De abril a junho de 2013, a LLX apresentou uma receita líquida de R$ 14,3 milhões, referente ao aluguel de aproximadamente 4,4 milhões de metros quadrados de área a seus clientes OSX, MPX, Technip, NOV e Intermoor. A Companhia terminou o segundo trimestre de 2013 com um saldo em caixa e equivalentes de R$ 326 milhões comparados a R$ 274 milhões no primeiro trimestre. Durante o segundo trimestre de 2013, o caixa da Companhia foi impactado pelo recebimento da segunda parcela das debêntures da LLX Açu, no montante de R$ 476,1 milhões, anteriormente classificados na conta de depósitos vinculados. Os financiamentos da LLX no segundo trimestre somaram R$ 2,2 bilhões. O prejuízo líquido do período foi de R$ 73 milhões.



Conheça a LLX

O Superporto do Açu está localizado em São João da Barra, no norte do Estado do Rio de Janeiro. O empreendimento terá capacidade de movimentar até 350 milhões de toneladas de carga por ano, posicionando-se entre os maiores portos do mundo. O Superporto conta com dois terminais (TX1 e TX2) que, juntos, poderão receber até 47 embarcações em seus 17 km de píer.

O TX1, terminal offshore, é formada por ponte de acesso de 3 km, canal de acesso com profundidade que poderá atingir até 26 metros, quebra-mar e até nove berços de atracação. O terminal poderá movimentar até 100 milhões de toneladas de minério de ferro por ano e até 1,2 milhão de barris de petróleo por dia (bpd), e poderá realizar transbordo, tancagem e blending, entre outros. A ponte e dois berços para movimentação de minério de ferro, com profundidade de 21 metros, já estão concluídos.

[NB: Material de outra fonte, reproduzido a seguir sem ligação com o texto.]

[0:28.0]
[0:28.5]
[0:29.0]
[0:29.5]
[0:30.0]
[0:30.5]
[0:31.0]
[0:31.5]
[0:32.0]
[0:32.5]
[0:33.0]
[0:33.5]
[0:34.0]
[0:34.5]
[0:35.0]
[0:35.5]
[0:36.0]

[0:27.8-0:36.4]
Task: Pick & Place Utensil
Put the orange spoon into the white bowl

O TX2, terminal onshore, atenderá às demandas de carga e descarga das diversas indústrias do Complexo Industrial, como apoio offshore, carga de projeto, indústrias flexíveis, ferro-gusa, escória e granito. O canal já está com mais de 6,2 km de extensão, 300 metros de largura e 12,5 metros de profundidade. Para a construção do quebra-mar serão utilizados 42 blocos de concreto construídos pelo Kugira, maior dique flutuante da Europa que está pela primeira vez no Brasil.

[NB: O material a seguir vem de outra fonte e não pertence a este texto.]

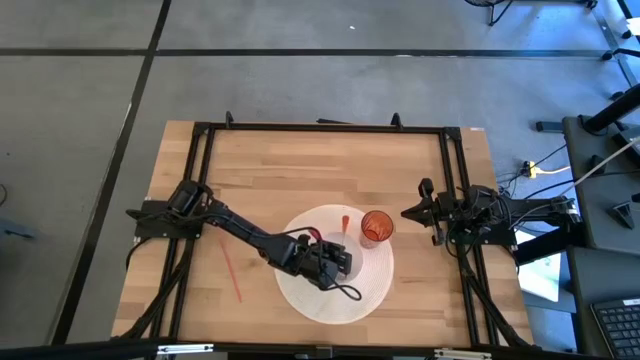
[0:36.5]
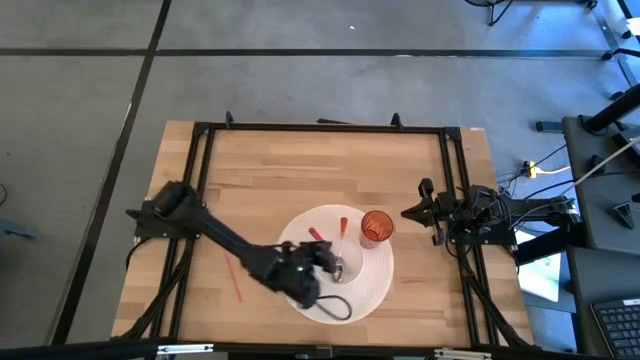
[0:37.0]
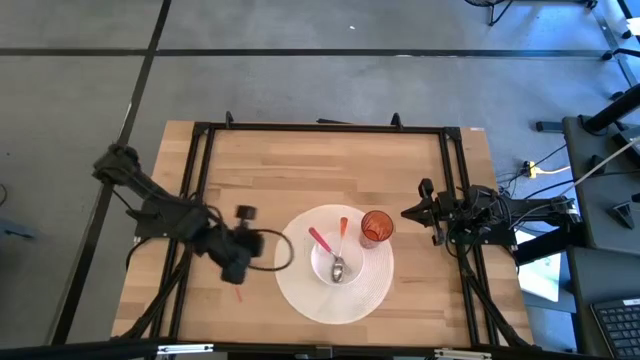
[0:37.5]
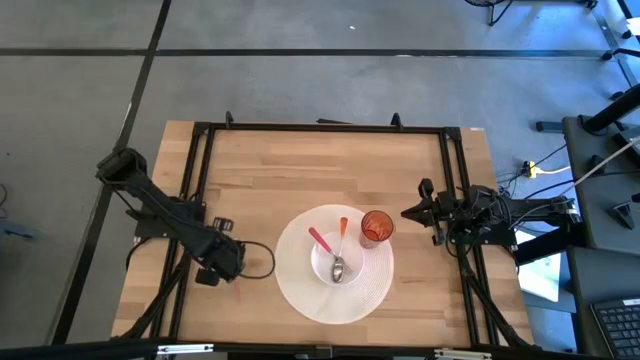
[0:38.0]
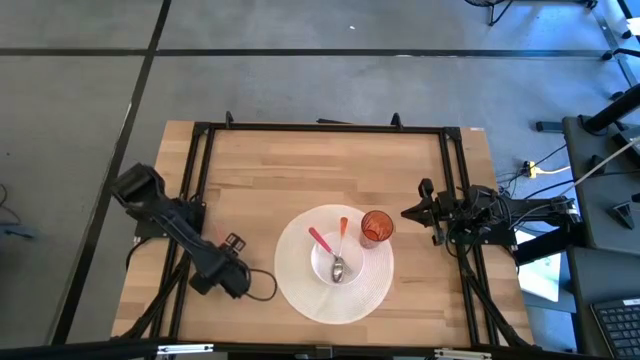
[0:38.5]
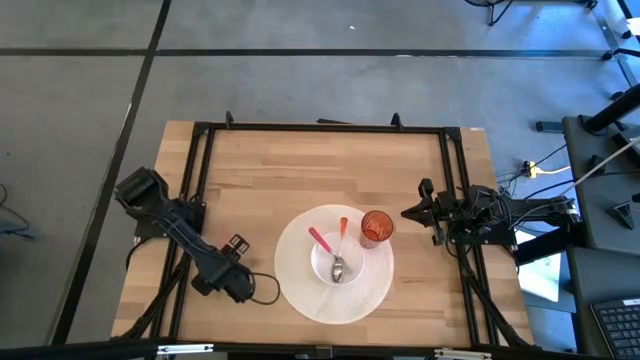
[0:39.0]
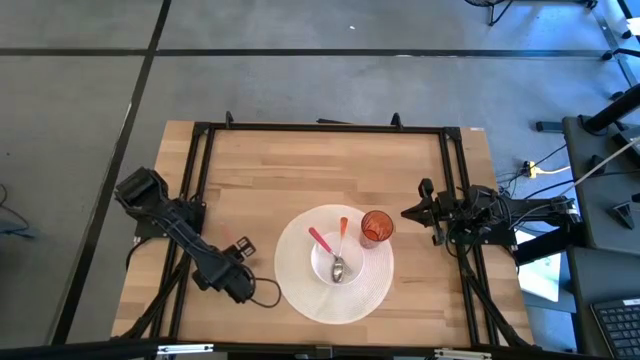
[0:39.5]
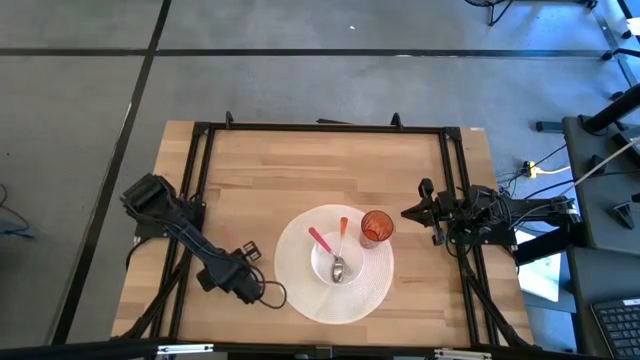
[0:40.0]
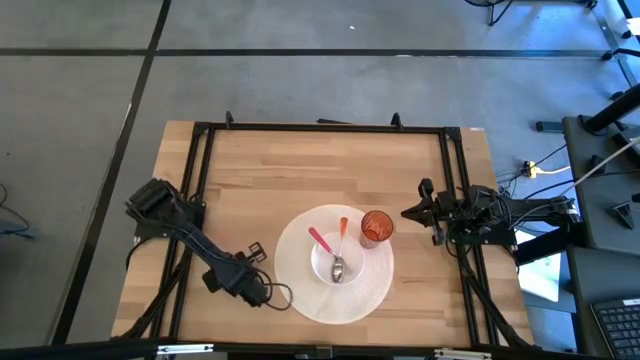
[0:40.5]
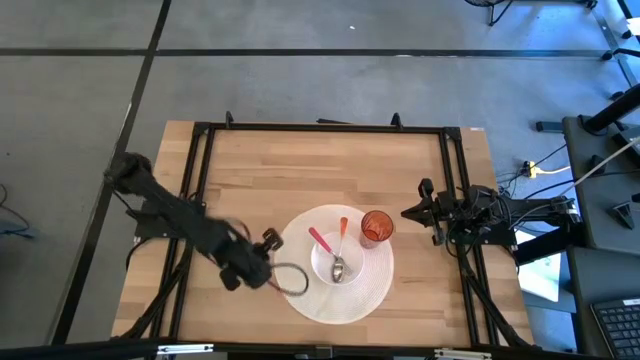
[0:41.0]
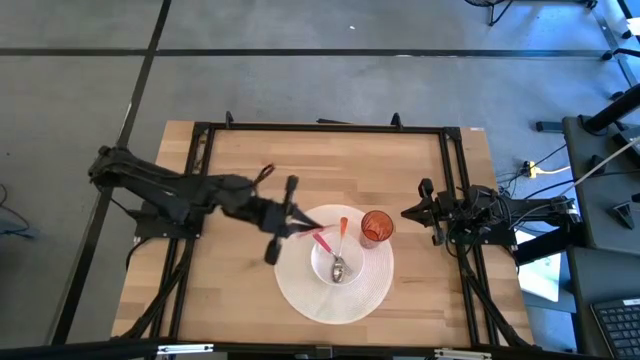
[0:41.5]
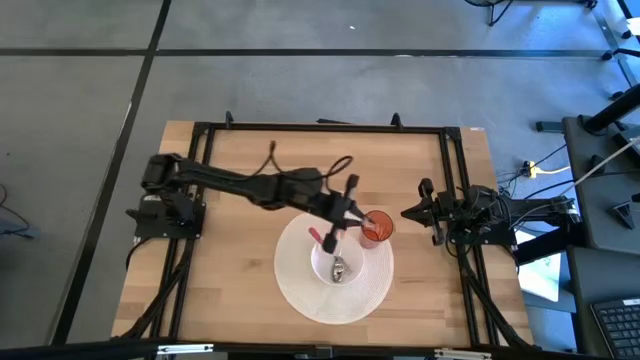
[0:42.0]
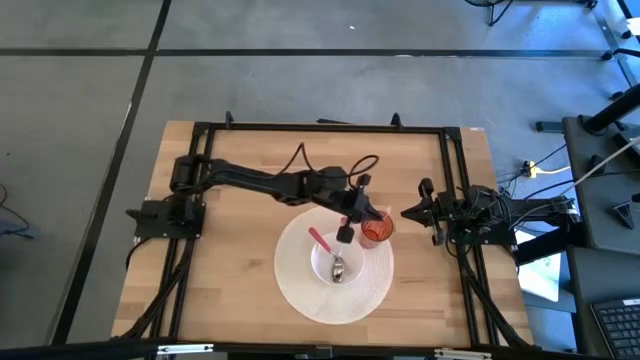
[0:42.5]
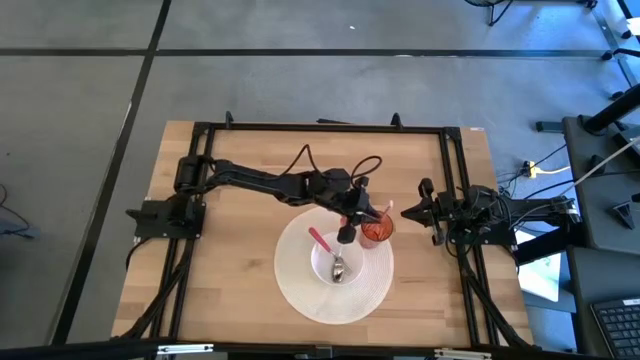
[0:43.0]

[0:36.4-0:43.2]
Put the orange straw into the orange cup

O TX2 conta ainda com uma área de 2 milhões de m² para a instalação de indústrias de apoio offshore e está qualificado para se tornar o mais importante polo de apoio à indústria de petróleo e gás e apoio às operações offshore de E&P, sobretudo, em função da localização próxima às bacias de Campos, Santos e Espírito Santo.

Na retroárea do Superporto do Açu, estão em andamento a instalação de um Complexo Industrial com 90 km2 que irá receber indústrias offshore, unidade de armazenamento e tratamento de petróleo, usinas siderúrgicas, polo metalmecânico, estaleiro, termoelétricas, plantas de pelotização e cimenteiras, entre outros. A previsão é que o Complexo Industrial seja responsável pela atração de cerca de U$ 50 bilhões em investimentos para a região.